The entries shown here must be retyped in full, with no pictures included.

[Dataset entries]
----

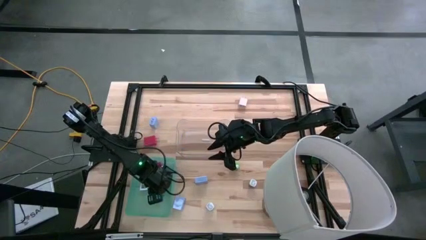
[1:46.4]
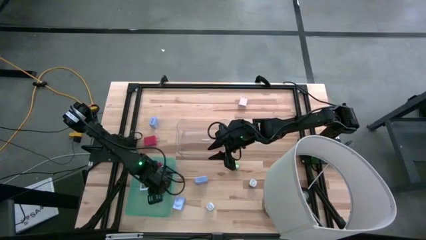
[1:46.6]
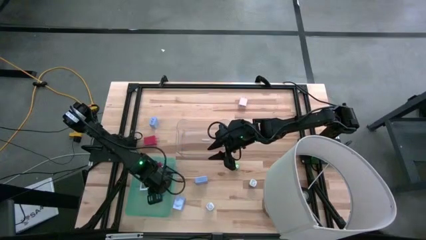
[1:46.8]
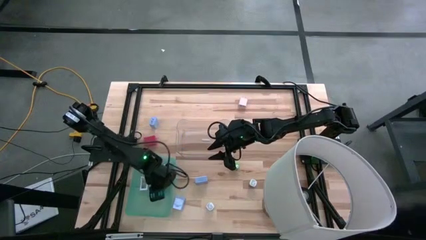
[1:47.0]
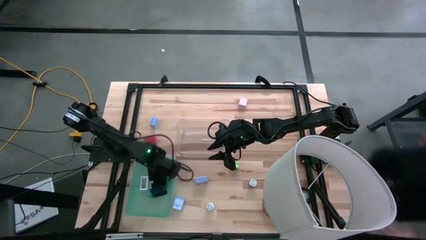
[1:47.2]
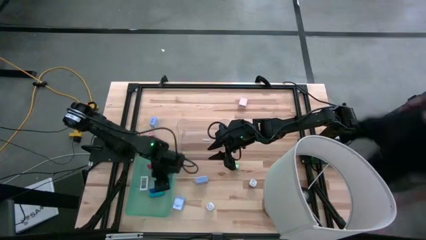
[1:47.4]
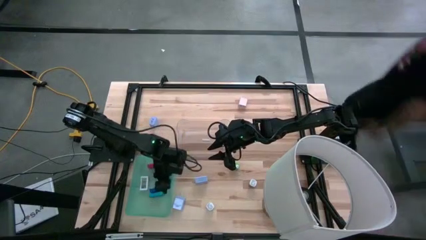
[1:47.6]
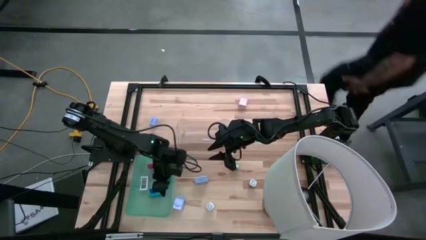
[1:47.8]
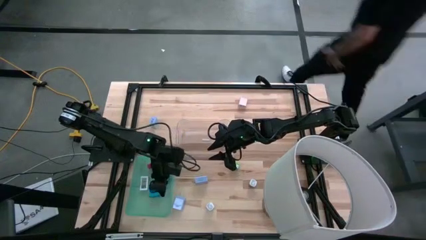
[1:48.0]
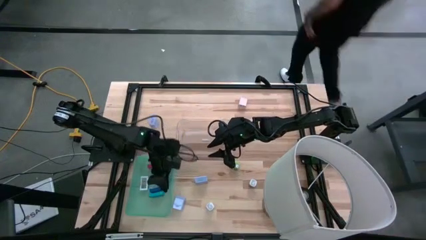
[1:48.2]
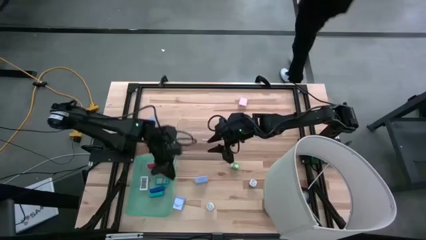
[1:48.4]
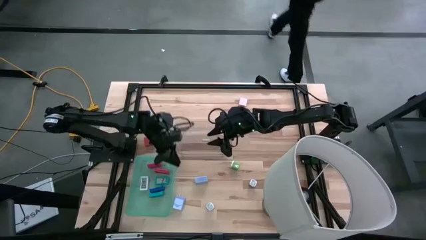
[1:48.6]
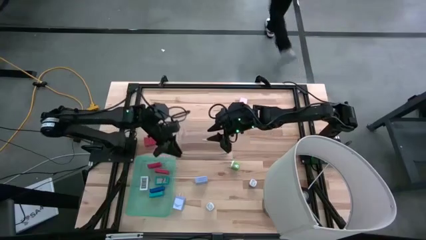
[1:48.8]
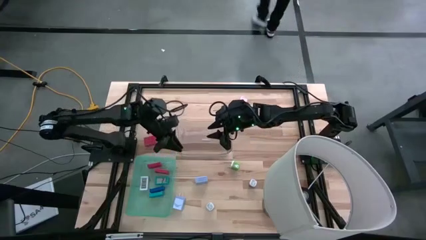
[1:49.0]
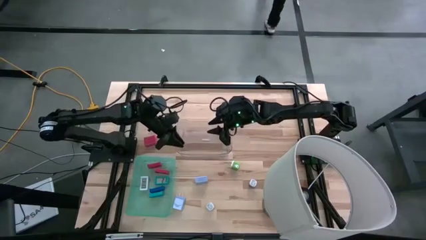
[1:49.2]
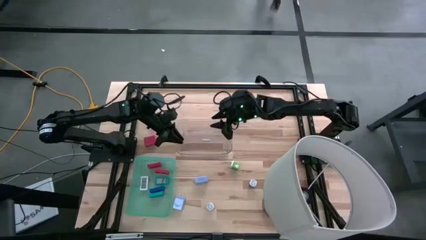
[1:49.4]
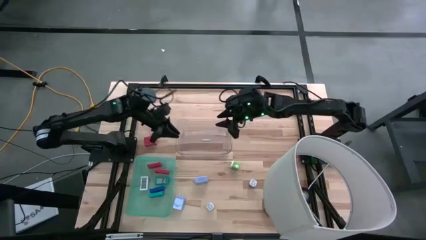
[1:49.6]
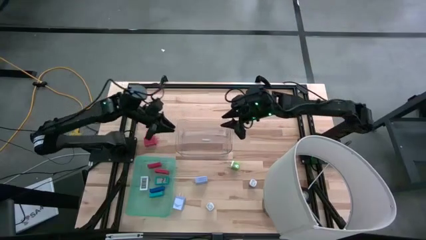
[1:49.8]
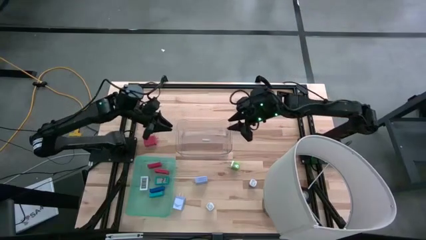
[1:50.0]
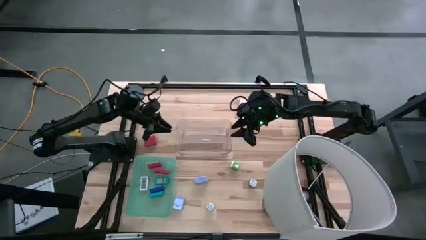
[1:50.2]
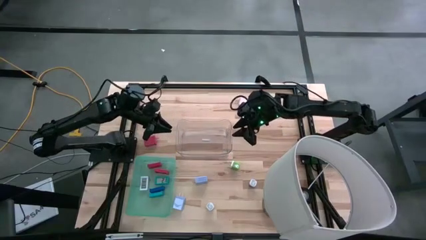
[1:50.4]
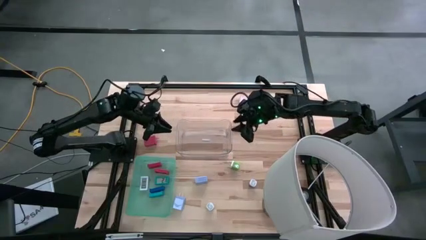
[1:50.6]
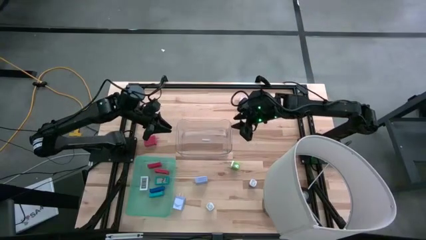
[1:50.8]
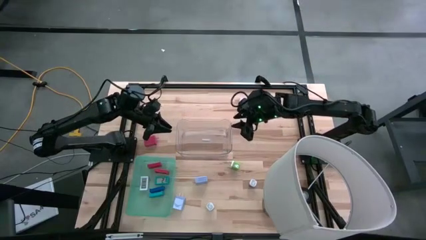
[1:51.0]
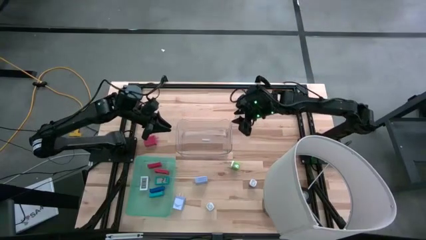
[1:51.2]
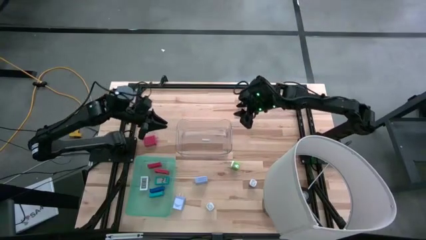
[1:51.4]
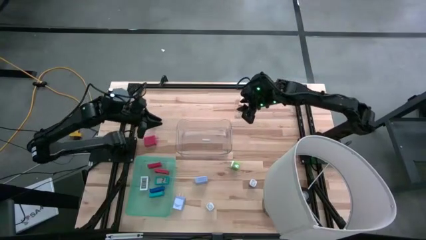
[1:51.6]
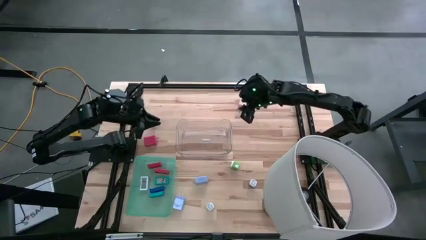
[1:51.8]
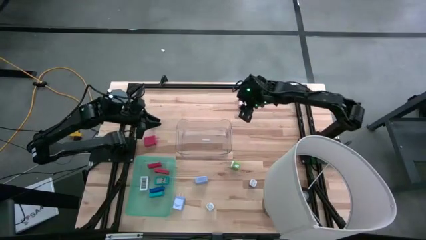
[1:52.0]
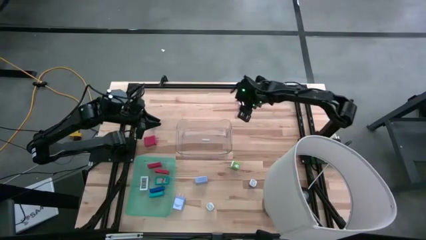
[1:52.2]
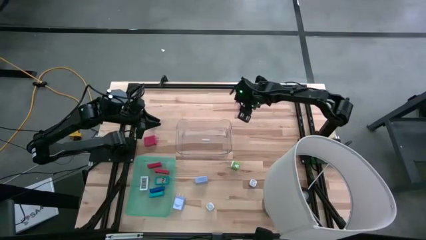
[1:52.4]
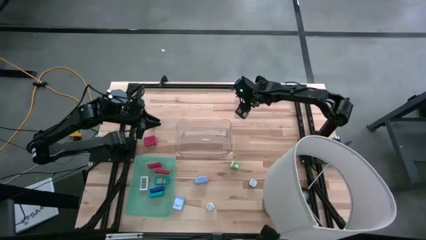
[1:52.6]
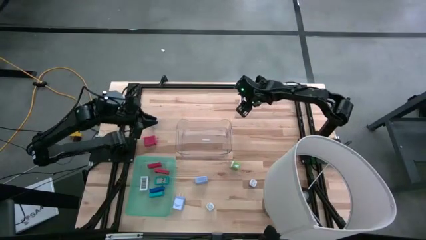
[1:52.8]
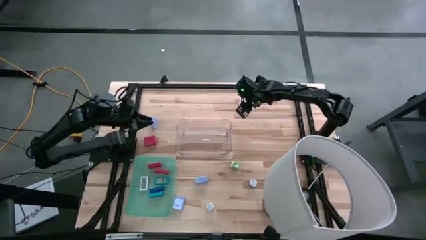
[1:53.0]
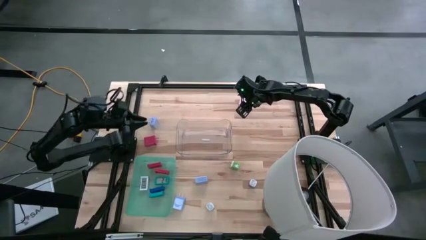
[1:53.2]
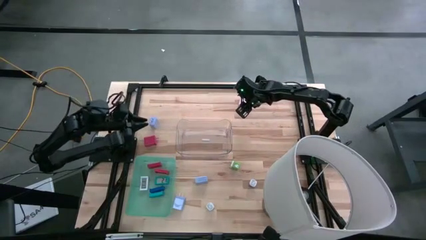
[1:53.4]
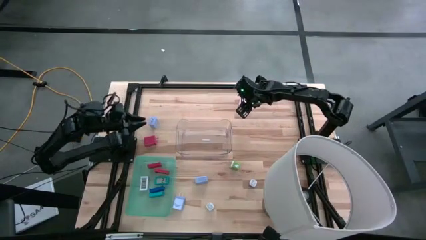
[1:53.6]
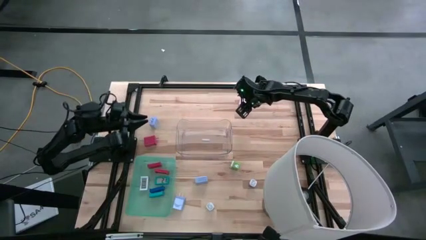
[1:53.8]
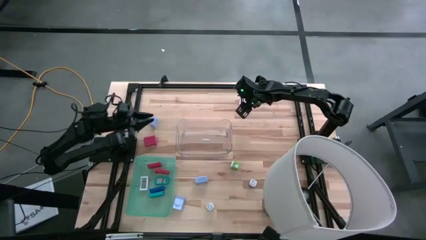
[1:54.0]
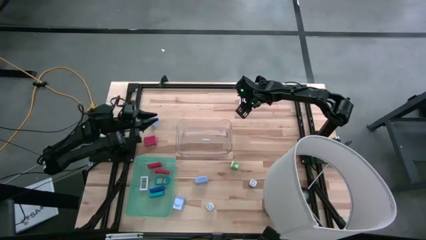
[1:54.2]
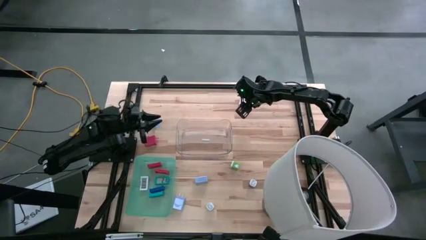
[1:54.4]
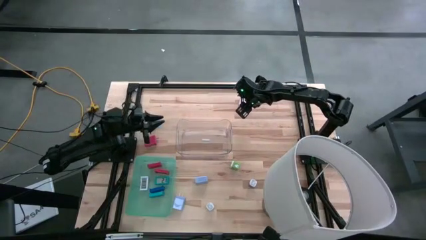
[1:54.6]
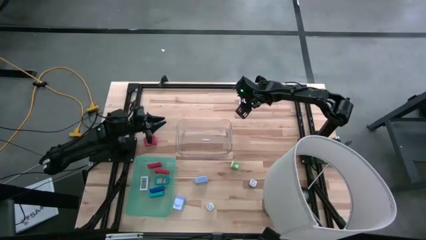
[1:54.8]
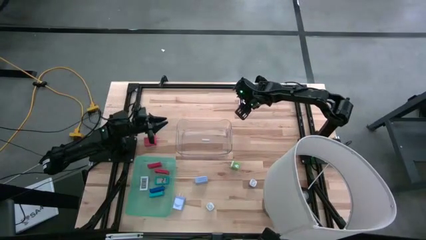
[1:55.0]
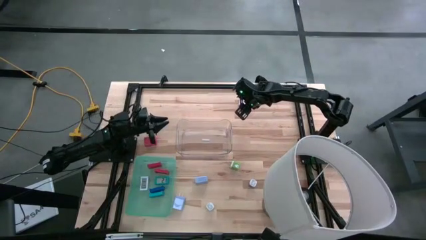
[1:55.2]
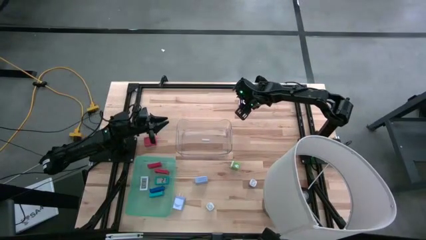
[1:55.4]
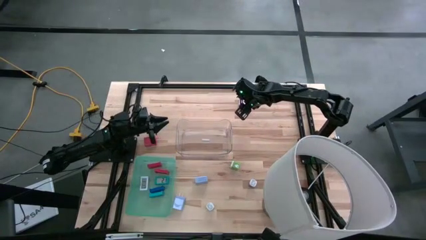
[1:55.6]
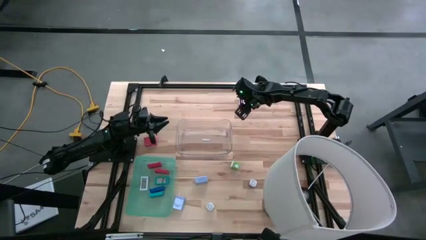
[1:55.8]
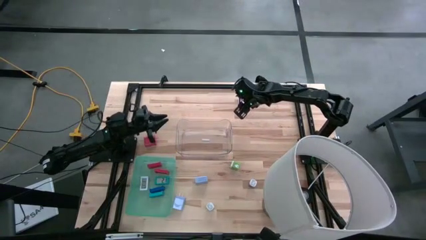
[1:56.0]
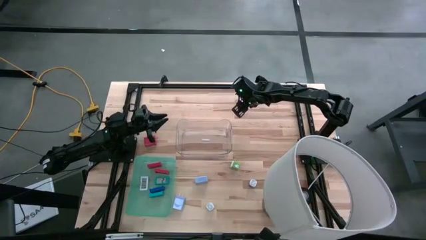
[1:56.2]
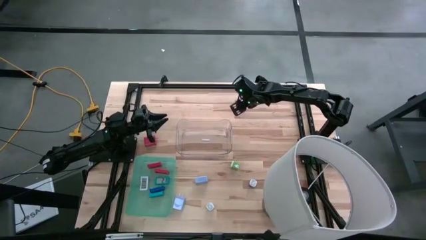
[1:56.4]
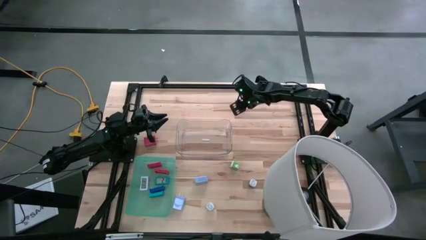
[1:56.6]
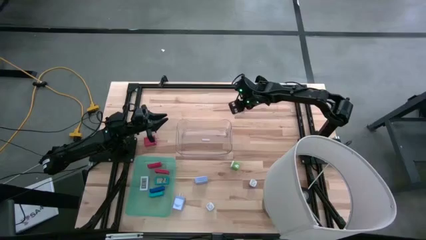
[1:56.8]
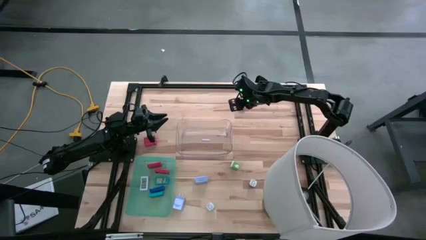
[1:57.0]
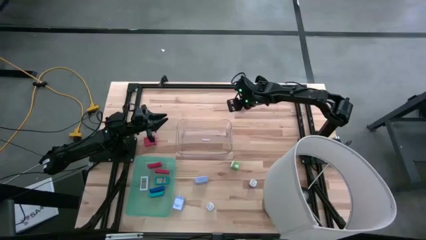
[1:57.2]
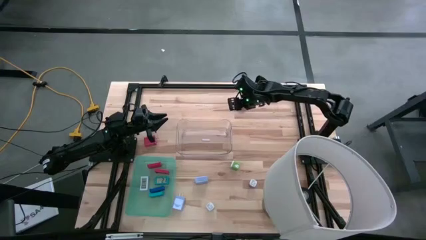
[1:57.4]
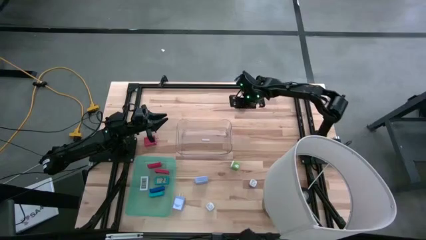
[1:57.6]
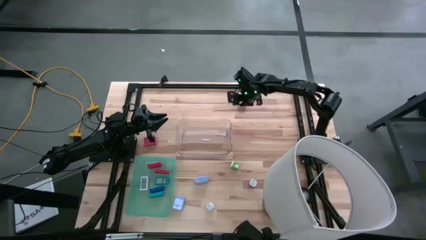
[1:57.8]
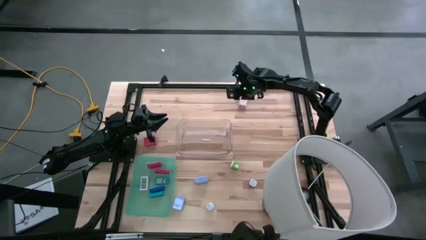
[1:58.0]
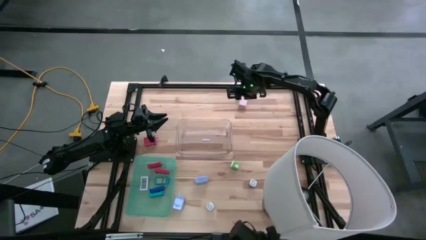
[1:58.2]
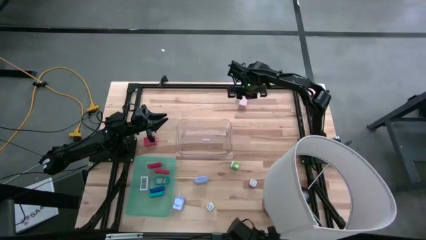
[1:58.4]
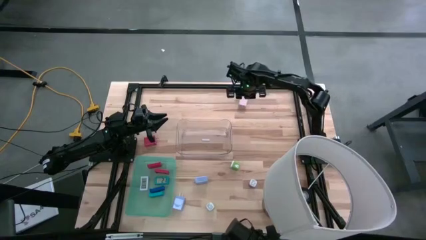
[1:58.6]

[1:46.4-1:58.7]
Task: Pick & Place Office items
Put the pink charger adapter into transparent bin

----

◆ Task output:
[1:46.4]
[1:46.6]
[1:46.8]
[1:47.0]
[1:47.2]
[1:47.4]
[1:47.6]
[1:47.8]
[1:48.0]
[1:48.2]
[1:48.4]
[1:48.6]
[1:48.8]
[1:49.0]
[1:49.2]
[1:49.4]
[1:49.6]
[1:49.8]
[1:50.0]
[1:50.2]
[1:50.4]
[1:50.6]
[1:50.8]
[1:51.0]
[1:51.2]
[1:51.4]
[1:51.6]
[1:51.8]
[1:52.0]
[1:52.2]
[1:52.4]
[1:52.6]
[1:52.8]
[1:53.0]
[1:53.2]
[1:53.4]
[1:53.6]
[1:53.8]
[1:54.0]
[1:54.2]
[1:54.4]
[1:54.6]
[1:54.8]
[1:55.0]
[1:55.2]
[1:55.4]
[1:55.6]
[1:55.8]
[1:56.0]
[1:56.2]
[1:56.4]
[1:56.6]
[1:56.8]
[1:57.0]
[1:57.2]
[1:57.4]
[1:57.6]
[1:57.8]
[1:58.0]
[1:58.2]
[1:58.4]
[1:58.6]

[1:46.4-1:58.7]
Task: Pick & Place Office items
Put the pink charger adapter into transparent bin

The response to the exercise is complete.